START Input data
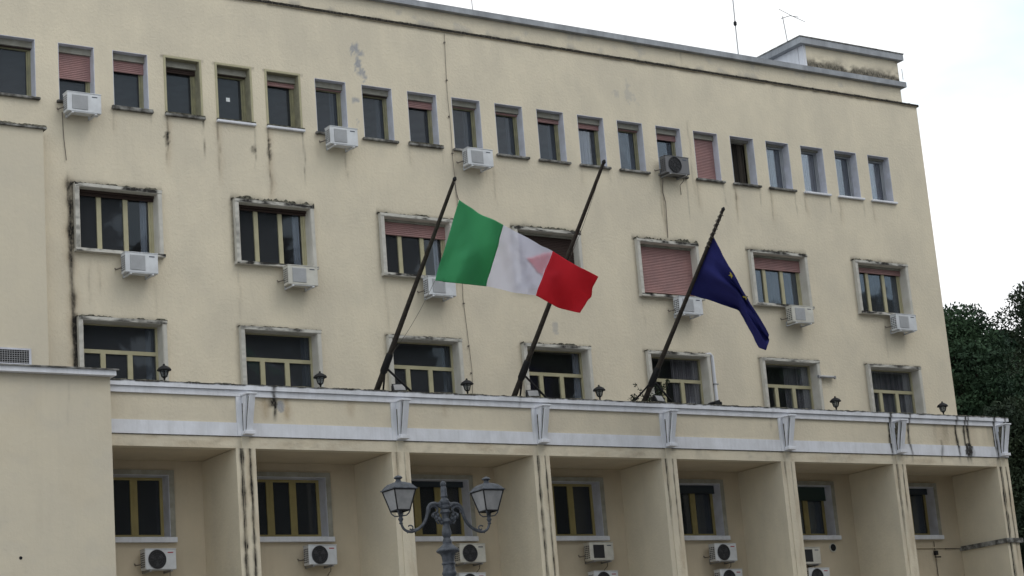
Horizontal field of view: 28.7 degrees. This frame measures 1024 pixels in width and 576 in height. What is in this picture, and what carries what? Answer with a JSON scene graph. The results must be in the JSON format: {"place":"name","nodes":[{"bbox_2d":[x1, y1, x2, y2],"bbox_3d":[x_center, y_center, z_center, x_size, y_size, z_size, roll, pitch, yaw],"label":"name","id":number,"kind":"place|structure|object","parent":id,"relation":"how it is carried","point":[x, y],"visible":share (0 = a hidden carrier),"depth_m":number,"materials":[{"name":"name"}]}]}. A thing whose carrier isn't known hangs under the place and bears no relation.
{"place":"outdoors","nodes":[
{"label":"outdoors","id":0,"kind":"place"},
{"bbox_2d":[419,0,1023,335],"label":"sky","id":1,"kind":"structure","parent":0,"point":[962,65],"materials":[{"name":"white"}]},
{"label":"ground","id":2,"kind":"structure","parent":0,"visible":0},
{"bbox_2d":[380,475,504,575],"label":"street lamp","id":3,"kind":"object","parent":2,"relation":"on","point":[399,494],"visible":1,"depth_m":27.91,"materials":[{"name":"grey metal"}]},
{"bbox_2d":[0,0,1023,575],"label":"government building","id":4,"kind":"structure","parent":2,"relation":"on","point":[214,174],"depth_m":51.25,"materials":[{"name":"paint"}]},
{"bbox_2d":[0,34,40,99],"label":"window","id":5,"kind":"structure","parent":4,"relation":"in","point":[10,43],"depth_m":46.01,"materials":[{"name":"paint"}]},
{"bbox_2d":[62,112,66,159],"bbox_3d":[-10.248,-3.471,45.877,0.089,1.151,0.028,5,-16,-33],"label":"cable","id":6,"kind":"object","parent":4,"relation":"attached to","point":[63,135],"visible":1,"depth_m":45.87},
{"bbox_2d":[57,42,94,102],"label":"window","id":7,"kind":"structure","parent":4,"relation":"in","point":[75,62],"depth_m":46.74,"materials":[{"name":"paint"}]},
{"bbox_2d":[57,90,101,120],"bbox_3d":[-9.944,-4.185,46.062,0.927,0.521,0.450,5,-16,-33],"label":"air conditioner","id":8,"kind":"object","parent":4,"relation":"attached to","point":[88,105],"visible":1,"depth_m":45.91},
{"bbox_2d":[72,181,165,258],"bbox_3d":[-9.116,-1.539,46.213,2.180,1.675,0.477,5,-16,-33],"label":"window","id":9,"kind":"structure","parent":4,"relation":"in","point":[153,197],"depth_m":46.43,"materials":[{"name":"beige paint"}]},
{"bbox_2d":[76,314,168,380],"bbox_3d":[-8.846,1.999,45.377,2.180,2.696,0.479,5,-16,-33],"label":"window","id":10,"kind":"structure","parent":4,"relation":"in","point":[160,343],"depth_m":45.77,"materials":[{"name":"beige paint"}]},
{"bbox_2d":[112,50,153,113],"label":"window","id":11,"kind":"structure","parent":4,"relation":"in","point":[123,62],"depth_m":47.49,"materials":[{"name":"paint"}]},
{"bbox_2d":[114,251,157,279],"bbox_3d":[-8.593,-0.513,45.883,0.907,0.531,0.450,5,-16,-33],"label":"air conditioner","id":12,"kind":"object","parent":4,"relation":"attached to","point":[140,264],"visible":1,"depth_m":45.72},
{"bbox_2d":[113,469,177,542],"bbox_3d":[-8.618,4.889,44.694,2.230,1.640,0.520,5,-16,-33],"label":"window","id":13,"kind":"structure","parent":4,"relation":"in","point":[165,478],"depth_m":45.03,"materials":[{"name":"paint"}]},
{"bbox_2d":[134,548,176,575],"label":"air conditioner","id":14,"kind":"object","parent":4,"relation":"attached to","point":[159,559],"visible":1,"depth_m":44.26,"materials":[{"name":"metal"}]},
{"bbox_2d":[157,364,170,379],"bbox_3d":[-7.625,1.866,43.956,0.320,0.430,0.320,5,-16,-33],"label":"terrace lamp","id":15,"kind":"object","parent":4,"relation":"on","point":[163,368],"visible":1,"depth_m":43.90,"materials":[{"name":"black metal"}]},
{"bbox_2d":[163,55,205,120],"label":"window","id":16,"kind":"structure","parent":4,"relation":"in","point":[189,67],"depth_m":48.19,"materials":[{"name":"paint"}]},
{"bbox_2d":[214,62,256,126],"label":"window","id":17,"kind":"structure","parent":4,"relation":"in","point":[243,74],"depth_m":48.93,"materials":[{"name":"paint"}]},
{"bbox_2d":[232,195,318,269],"bbox_3d":[-5.782,-1.297,48.411,2.180,1.721,0.480,5,-16,-33],"label":"window","id":18,"kind":"structure","parent":4,"relation":"in","point":[305,210],"depth_m":48.62,"materials":[{"name":"beige paint"}]},
{"bbox_2d":[239,325,323,387],"bbox_3d":[-5.507,2.271,47.564,2.180,2.676,0.472,5,-16,-33],"label":"window","id":19,"kind":"structure","parent":4,"relation":"in","point":[311,339],"depth_m":47.94,"materials":[{"name":"beige paint"}]},
{"bbox_2d":[264,69,305,132],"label":"window","id":20,"kind":"structure","parent":4,"relation":"in","point":[291,81],"depth_m":49.66,"materials":[{"name":"paint"}]},
{"bbox_2d":[257,472,334,542],"bbox_3d":[-5.282,5.152,46.886,2.230,1.640,0.520,5,-16,-33],"label":"window","id":21,"kind":"structure","parent":4,"relation":"in","point":[323,500],"depth_m":47.12,"materials":[{"name":"paint"}]},
{"bbox_2d":[277,264,317,291],"bbox_3d":[-5.149,-0.241,48.146,0.907,0.531,0.450,5,-16,-33],"label":"air conditioner","id":22,"kind":"object","parent":4,"relation":"attached to","point":[302,276],"visible":1,"depth_m":47.98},
{"bbox_2d":[297,544,336,574],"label":"air conditioner","id":23,"kind":"object","parent":4,"relation":"attached to","point":[325,555],"visible":1,"depth_m":46.49,"materials":[{"name":"metal"}]},
{"bbox_2d":[313,371,326,386],"bbox_3d":[-4.406,2.120,46.071,0.320,0.430,0.320,5,-16,-33],"label":"terrace lamp","id":24,"kind":"object","parent":4,"relation":"on","point":[320,375],"visible":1,"depth_m":46.02,"materials":[{"name":"black metal"}]},
{"bbox_2d":[314,78,347,134],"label":"window","id":25,"kind":"structure","parent":4,"relation":"in","point":[336,90],"depth_m":50.52,"materials":[{"name":"paint"}]},
{"bbox_2d":[319,125,357,152],"bbox_3d":[-4.303,-3.697,49.755,0.887,0.511,0.450,5,-16,-33],"label":"air conditioner","id":26,"kind":"object","parent":4,"relation":"attached to","point":[341,137],"visible":1,"depth_m":49.60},
{"bbox_2d":[361,84,398,143],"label":"window","id":27,"kind":"structure","parent":4,"relation":"in","point":[382,97],"depth_m":51.23,"materials":[{"name":"paint"}]},
{"bbox_2d":[391,384,406,390],"bbox_3d":[-2.683,2.397,47.464,0.380,0.260,0.250,0,-14,-19],"label":"floodlight","id":28,"kind":"object","parent":4,"relation":"on","point":[397,387],"visible":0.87,"depth_m":47.38,"materials":[{"name":"white metal"}]},
{"bbox_2d":[377,212,452,278],"bbox_3d":[-2.443,-1.014,50.594,2.180,1.675,0.472,5,-16,-33],"label":"window","id":29,"kind":"structure","parent":4,"relation":"in","point":[418,226],"depth_m":50.62,"materials":[{"name":"beige paint"}]},
{"bbox_2d":[374,177,458,391],"bbox_3d":[-2.015,0.530,46.251,1.153,4.928,5.001,5,-16,-33],"label":"flagpole","id":30,"kind":"object","parent":4,"relation":"on","point":[384,369],"visible":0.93,"depth_m":45.91,"materials":[{"name":"black metal"}]},
{"bbox_2d":[435,200,597,312],"bbox_3d":[0.048,-0.697,45.080,3.460,2.354,1.593,-1,-14,-14],"label":"flag","id":31,"kind":"object","parent":30,"relation":"attached to","point":[480,250],"visible":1,"depth_m":44.95,"materials":[{"name":"multicoloured fabric"}]},
{"bbox_2d":[407,91,443,148],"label":"window","id":32,"kind":"structure","parent":4,"relation":"in","point":[417,100],"depth_m":51.91,"materials":[{"name":"paint"}]},
{"bbox_2d":[386,334,465,393],"bbox_3d":[-2.173,2.537,49.757,2.180,2.670,0.478,5,-16,-33],"label":"window","id":33,"kind":"structure","parent":4,"relation":"in","point":[456,368],"depth_m":50.22,"materials":[{"name":"beige paint"}]},
{"bbox_2d":[417,275,455,301],"bbox_3d":[-1.889,0.015,50.289,0.907,0.531,0.450,5,-16,-33],"label":"air conditioner","id":34,"kind":"object","parent":4,"relation":"attached to","point":[441,289],"visible":0.91,"depth_m":50.10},
{"bbox_2d":[411,474,478,541],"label":"window","id":35,"kind":"structure","parent":4,"relation":"in","point":[464,483],"depth_m":49.32,"materials":[{"name":"paint"}]},
{"bbox_2d":[443,33,472,393],"bbox_3d":[-1.365,-1.640,51.380,0.137,10.400,0.044,5,-16,-33],"label":"cable","id":36,"kind":"object","parent":4,"relation":"attached to","point":[444,42],"visible":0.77,"depth_m":51.68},
{"bbox_2d":[460,378,473,392],"bbox_3d":[-1.079,2.382,48.257,0.320,0.430,0.320,5,-16,-33],"label":"terrace lamp","id":37,"kind":"object","parent":4,"relation":"on","point":[466,382],"visible":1,"depth_m":48.20,"materials":[{"name":"black metal"}]},
{"bbox_2d":[451,97,482,151],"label":"window","id":38,"kind":"structure","parent":4,"relation":"in","point":[470,109],"depth_m":52.71,"materials":[{"name":"paint"}]},
{"bbox_2d":[454,543,485,571],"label":"air conditioner","id":39,"kind":"object","parent":4,"relation":"attached to","point":[472,553],"visible":0.87,"depth_m":48.75,"materials":[{"name":"metal"}]},
{"bbox_2d":[456,572,485,575],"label":"air conditioner","id":40,"kind":"object","parent":4,"relation":"attached to","point":[473,574],"visible":0.94,"depth_m":48.63,"materials":[{"name":"metal"}]},
{"bbox_2d":[457,147,493,172],"bbox_3d":[-0.958,-3.318,51.919,0.887,0.511,0.450,5,-16,-33],"label":"air conditioner","id":41,"kind":"object","parent":4,"relation":"attached to","point":[479,158],"visible":1,"depth_m":51.76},
{"bbox_2d":[494,103,529,159],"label":"window","id":42,"kind":"structure","parent":4,"relation":"in","point":[513,116],"depth_m":53.42,"materials":[{"name":"paint"}]},
{"bbox_2d":[525,390,540,396],"bbox_3d":[0.503,2.648,49.557,0.380,0.260,0.250,0,-14,-19],"label":"floodlight","id":43,"kind":"object","parent":4,"relation":"on","point":[531,393],"visible":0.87,"depth_m":49.49,"materials":[{"name":"white metal"}]},
{"bbox_2d":[511,225,583,268],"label":"window","id":44,"kind":"structure","parent":4,"relation":"in","point":[558,240],"depth_m":53.11,"materials":[{"name":"beige paint"}]},
{"bbox_2d":[536,109,571,164],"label":"window","id":45,"kind":"structure","parent":4,"relation":"in","point":[554,120],"depth_m":54.16,"materials":[{"name":"paint"}]},
{"bbox_2d":[520,341,594,399],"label":"window","id":46,"kind":"structure","parent":4,"relation":"in","point":[584,357],"depth_m":52.41,"materials":[{"name":"beige paint"}]},
{"bbox_2d":[511,159,605,397],"bbox_3d":[1.305,0.414,48.258,1.153,5.621,5.418,5,-16,-33],"label":"flagpole","id":47,"kind":"object","parent":4,"relation":"on","point":[522,376],"visible":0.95,"depth_m":48.14,"materials":[{"name":"black metal"}]},
{"bbox_2d":[551,477,609,540],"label":"window","id":48,"kind":"structure","parent":4,"relation":"in","point":[595,485],"depth_m":51.61,"materials":[{"name":"paint"}]},
{"bbox_2d":[577,114,611,169],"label":"window","id":49,"kind":"structure","parent":4,"relation":"in","point":[585,123],"depth_m":54.85,"materials":[{"name":"paint"}]},
{"bbox_2d":[578,542,613,570],"bbox_3d":[2.160,6.983,50.974,0.847,1.002,0.430,5,-16,-33],"label":"air conditioner","id":50,"kind":"object","parent":4,"relation":"attached to","point":[598,551],"visible":1,"depth_m":50.87,"materials":[{"name":"metal"}]},
{"bbox_2d":[593,385,604,399],"bbox_3d":[2.198,2.640,50.411,0.320,0.430,0.320,5,-16,-33],"label":"terrace lamp","id":51,"kind":"object","parent":4,"relation":"on","point":[599,388],"visible":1,"depth_m":50.36,"materials":[{"name":"black metal"}]},
{"bbox_2d":[587,570,617,575],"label":"air conditioner","id":52,"kind":"object","parent":4,"relation":"attached to","point":[604,573],"visible":1,"depth_m":50.78,"materials":[{"name":"metal"}]},
{"bbox_2d":[616,120,650,173],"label":"window","id":53,"kind":"structure","parent":4,"relation":"in","point":[633,131],"depth_m":55.63,"materials":[{"name":"paint"}]},
{"bbox_2d":[629,379,669,401],"bbox_3d":[3.525,2.846,51.702,1.464,1.103,0.374,5,-16,-33],"label":"shrub","id":54,"kind":"object","parent":4,"relation":"on","point":[658,391],"visible":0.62,"depth_m":51.79,"materials":[{"name":"green plant"}]},
{"bbox_2d":[651,395,664,402],"bbox_3d":[3.754,2.890,51.636,0.380,0.260,0.250,9,-19,-44],"label":"floodlight","id":55,"kind":"object","parent":4,"relation":"on","point":[658,398],"visible":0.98,"depth_m":51.56,"materials":[{"name":"white metal"}]},
{"bbox_2d":[634,236,705,301],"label":"window","id":56,"kind":"structure","parent":4,"relation":"in","point":[664,267],"depth_m":55.01,"materials":[{"name":"beige paint"}]},
{"bbox_2d":[654,155,689,194],"bbox_3d":[4.451,-3.138,55.546,0.927,0.960,0.451,5,-16,-33],"label":"air conditioner","id":57,"kind":"object","parent":4,"relation":"attached to","point":[671,165],"visible":1,"depth_m":55.43,"materials":[{"name":"metal"}]},
{"bbox_2d":[662,178,667,236],"bbox_3d":[4.235,-2.210,55.358,0.081,1.701,0.026,0,-15,-20],"label":"cable","id":58,"kind":"object","parent":57,"relation":"hanging from","point":[666,208],"visible":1,"depth_m":55.37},
{"bbox_2d":[655,125,688,178],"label":"window","id":59,"kind":"structure","parent":4,"relation":"in","point":[671,137],"depth_m":56.37,"materials":[{"name":"paint"}]},
{"bbox_2d":[644,349,713,403],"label":"window","id":60,"kind":"structure","parent":4,"relation":"in","point":[685,382],"depth_m":54.65,"materials":[{"name":"beige paint"}]},
{"bbox_2d":[634,207,724,402],"bbox_3d":[4.364,1.036,50.533,1.435,5.013,4.806,5,-16,-33],"label":"flagpole","id":61,"kind":"object","parent":4,"relation":"on","point":[653,379],"visible":0.96,"depth_m":50.29,"materials":[{"name":"black metal"}]},
{"bbox_2d":[690,237,768,349],"bbox_3d":[5.658,0.141,49.796,1.902,2.815,1.766,5,-16,-33],"label":"flag","id":62,"kind":"object","parent":61,"relation":"hanging from","point":[717,281],"visible":1,"depth_m":49.65,"materials":[{"name":"blue fabric"}]},
{"bbox_2d":[668,296,702,319],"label":"air conditioner","id":63,"kind":"object","parent":4,"relation":"attached to","point":[694,308],"visible":0.84,"depth_m":54.49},
{"bbox_2d":[679,479,730,540],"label":"window","id":64,"kind":"structure","parent":4,"relation":"in","point":[697,490],"depth_m":53.89,"materials":[{"name":"paint"}]},
{"bbox_2d":[693,131,725,183],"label":"window","id":65,"kind":"structure","parent":4,"relation":"in","point":[705,143],"depth_m":56.97,"materials":[{"name":"paint"}]},
{"bbox_2d":[707,353,718,400],"bbox_3d":[5.516,3.098,54.597,0.319,2.738,0.125,5,-16,-33],"label":"downpipe","id":66,"kind":"object","parent":4,"relation":"on","point":[715,383],"visible":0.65,"depth_m":54.75,"materials":[{"name":"white paint"}]},
{"bbox_2d":[708,400,721,404],"bbox_3d":[5.323,3.097,52.672,0.250,0.260,0.440,5,-17,-35],"label":"floodlight","id":67,"kind":"object","parent":4,"relation":"on","point":[717,402],"visible":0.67,"depth_m":52.54,"materials":[{"name":"black metal"}]},
{"bbox_2d":[703,543,736,567],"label":"air conditioner","id":68,"kind":"object","parent":4,"relation":"attached to","point":[722,552],"visible":1,"depth_m":53.08,"materials":[{"name":"metal"}]},
{"bbox_2d":[713,569,742,575],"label":"air conditioner","id":69,"kind":"object","parent":4,"relation":"attached to","point":[727,572],"visible":1,"depth_m":53.01,"materials":[{"name":"metal"}]},
{"bbox_2d":[732,0,738,53],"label":"roof mast","id":70,"kind":"object","parent":4,"relation":"on","point":[735,23],"visible":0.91,"depth_m":59.96,"materials":[{"name":"metal"}]},
{"bbox_2d":[729,136,761,187],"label":"window","id":71,"kind":"structure","parent":4,"relation":"in","point":[736,143],"depth_m":57.85,"materials":[{"name":"paint"}]},
{"bbox_2d":[765,141,796,191],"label":"window","id":72,"kind":"structure","parent":4,"relation":"in","point":[778,159],"depth_m":58.54,"materials":[{"name":"paint"}]},
{"bbox_2d":[747,249,814,308],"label":"window","id":73,"kind":"structure","parent":4,"relation":"in","point":[774,261],"depth_m":57.40,"materials":[{"name":"beige paint"}]},
{"bbox_2d":[779,9,804,40],"bbox_3d":[8.624,-7.563,61.118,0.902,1.958,0.093,1,-15,-21],"label":"television aerial","id":74,"kind":"object","parent":4,"relation":"attached to","point":[784,24],"visible":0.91,"depth_m":61.17,"materials":[{"name":"metal"}]},
{"bbox_2d":[759,357,824,409],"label":"window","id":75,"kind":"structure","parent":4,"relation":"in","point":[802,387],"depth_m":56.83,"materials":[{"name":"beige paint"}]},
{"bbox_2d":[780,305,813,327],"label":"air conditioner","id":76,"kind":"object","parent":4,"relation":"attached to","point":[801,315],"visible":1,"depth_m":56.67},
{"bbox_2d":[804,547,820,566],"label":"air conditioner","id":77,"kind":"object","parent":4,"relation":"attached to","point":[812,556],"visible":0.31,"depth_m":54.76,"materials":[{"name":"metal"}]},
{"bbox_2d":[800,145,831,195],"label":"window","id":78,"kind":"structure","parent":4,"relation":"in","point":[812,159],"depth_m":59.28,"materials":[{"name":"paint"}]},
{"bbox_2d":[807,567,829,575],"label":"air conditioner","id":79,"kind":"object","parent":4,"relation":"attached to","point":[824,571],"visible":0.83,"depth_m":54.72,"materials":[{"name":"metal"}]},
{"bbox_2d":[797,481,841,539],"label":"window","id":80,"kind":"structure","parent":4,"relation":"in","point":[809,492],"depth_m":56.08,"materials":[{"name":"paint"}]},
{"bbox_2d":[816,375,835,378],"bbox_3d":[8.931,2.530,57.076,0.660,0.110,0.149,5,-16,-33],"label":"tube light","id":81,"kind":"object","parent":4,"relation":"attached to","point":[822,376],"visible":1,"depth_m":57.00,"materials":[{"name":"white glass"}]},
{"bbox_2d":[830,396,840,408],"bbox_3d":[8.845,3.164,54.778,0.320,0.430,0.320,5,-16,-33],"label":"terrace lamp","id":82,"kind":"object","parent":4,"relation":"on","point":[834,400],"visible":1,"depth_m":54.72,"materials":[{"name":"black metal"}]},
{"bbox_2d":[834,150,864,200],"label":"window","id":83,"kind":"structure","parent":4,"relation":"in","point":[846,162],"depth_m":60.01,"materials":[{"name":"paint"}]},
{"bbox_2d":[867,155,897,204],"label":"window","id":84,"kind":"structure","parent":4,"relation":"in","point":[879,169],"depth_m":60.74,"materials":[{"name":"paint"}]},
{"bbox_2d":[852,258,915,315],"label":"window","id":85,"kind":"structure","parent":4,"relation":"in","point":[900,271],"depth_m":59.60,"materials":[{"name":"beige paint"}]},
{"bbox_2d":[865,363,926,413],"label":"window","id":86,"kind":"structure","parent":4,"relation":"in","point":[891,388],"depth_m":58.92,"materials":[{"name":"beige paint"}]},
{"bbox_2d":[885,313,916,334],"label":"air conditioner","id":87,"kind":"object","parent":4,"relation":"attached to","point":[900,322],"visible":1,"depth_m":58.87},
{"bbox_2d":[908,483,943,539],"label":"window","id":88,"kind":"structure","parent":4,"relation":"in","point":[928,491],"depth_m":58.34,"materials":[{"name":"paint"}]},
{"bbox_2d":[933,541,940,575],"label":"shutoff valve","id":89,"kind":"object","parent":4,"relation":"attached to","point":[935,553],"visible":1,"depth_m":57.77,"materials":[{"name":"black metal"}]},
{"bbox_2d":[937,401,947,413],"bbox_3d":[12.255,3.433,57.019,0.320,0.430,0.320,5,-16,-33],"label":"terrace lamp","id":90,"kind":"object","parent":4,"relation":"on","point":[941,405],"visible":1,"depth_m":56.97,"materials":[{"name":"black metal"}]},
{"bbox_2d":[943,301,1023,452],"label":"pine tree","id":91,"kind":"object","parent":2,"relation":"on","point":[971,347],"visible":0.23,"depth_m":87.28,"materials":[{"name":"green plant"}]},
{"bbox_2d":[978,395,1023,564],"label":"broadleaf tree","id":92,"kind":"object","parent":2,"relation":"on","point":[1016,443],"visible":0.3,"depth_m":81.75,"materials":[{"name":"green plant"}]},
{"bbox_2d":[980,330,1023,414],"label":"pine tree","id":93,"kind":"object","parent":2,"relation":"on","point":[1015,344],"depth_m":104.61,"materials":[{"name":"green plant"}]},
{"bbox_2d":[989,281,1023,410],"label":"broadleaf tree","id":94,"kind":"object","parent":2,"relation":"on","point":[1018,298],"visible":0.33,"depth_m":94.23,"materials":[{"name":"green plant"}]},
{"bbox_2d":[1015,493,1023,571],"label":"broadleaf tree","id":95,"kind":"object","parent":2,"relation":"on","point":[1020,517],"visible":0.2,"depth_m":78.00,"materials":[{"name":"green plant"}]}
]}
END Input data
▶ Work item: In how many lines of the entries does "nodes" appear? Reply with only the number.

▶ Exercise solution: 2